A contradicting result compared to MWNT results was observed with P3-SWNT based composites. A supramolecular complex with P3-SWNT at low PVP concentrations was achieved with a PVP of longer polymer chain, leading to higher degree of dispersibility followed by lower polymer chain length, exhibiting a similar effect at a comparatively high concentration range. The smaller diameter of P3-SWNTs compared to MWNTs could have altered the wrapping behavior, meaning that to achieve surface coverage of P3-SWNTs for effective functionalization with a longer polymer chain PVP required low concentrations to establish a higher degree of dispersion. Shorter polymer chains could only initiate a similar effect at higher concentrations.

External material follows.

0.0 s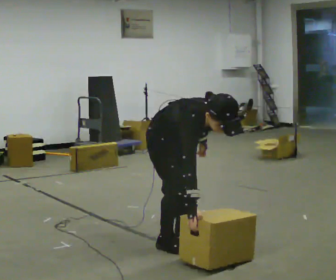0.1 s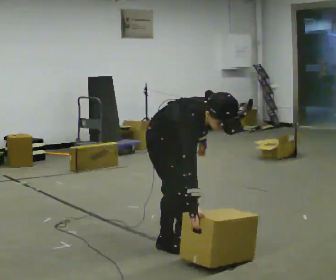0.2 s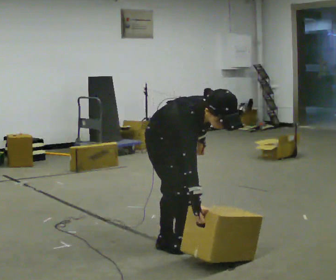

High aspect ratio nanotubes without surface functionalization were effective in the formation of a nanotube network in the polymer matrix, thus exhibiting improved thermal, electrical, and mechanical properties, as observed with the AP-SWNT based composite. Although AP-SWNTs and P3-SWNTs have a similar diameter, the higher length of AP-SWNTs lead to an entirely different result. A higher degree of dispersion with formation of an effective nanotube network is achieved only through nanotube functionalization with a PVP of lower molecular weight. While a PVP of higher molecular weight tended to initiate a stable dispersion of nanotubes in the composite, they failed to achieve an effective network formation, leading to poor thermal, electrical, and mechanical properties. Surface coverage of nanotubes plays a key role because, despite the fact that the higher polymer chain length can aid in a higher dispersion of nanotubes, excess surface coverage tends to disrupt the network formation. It is better to achieve a higher degree of nanotube dispersion at a low PVP concentration range by understanding the relation between the nanotube structure and the molecular weight of the polymer. This allows the nanotubes to disperse effectively in the polymer matrix and yet form a network structure that enhances the thermal, electrical, and mechanical properties of the composite. This is observed in
Table 1 with MWNT and AP-SWNT based composites functionalized with PVP
10000 at a concentration of 2.44 wt. % and 6.98 wt. %, and P3-SWNT based composites functionalized with PVP
360000 at a concentration of 1.48 wt. %.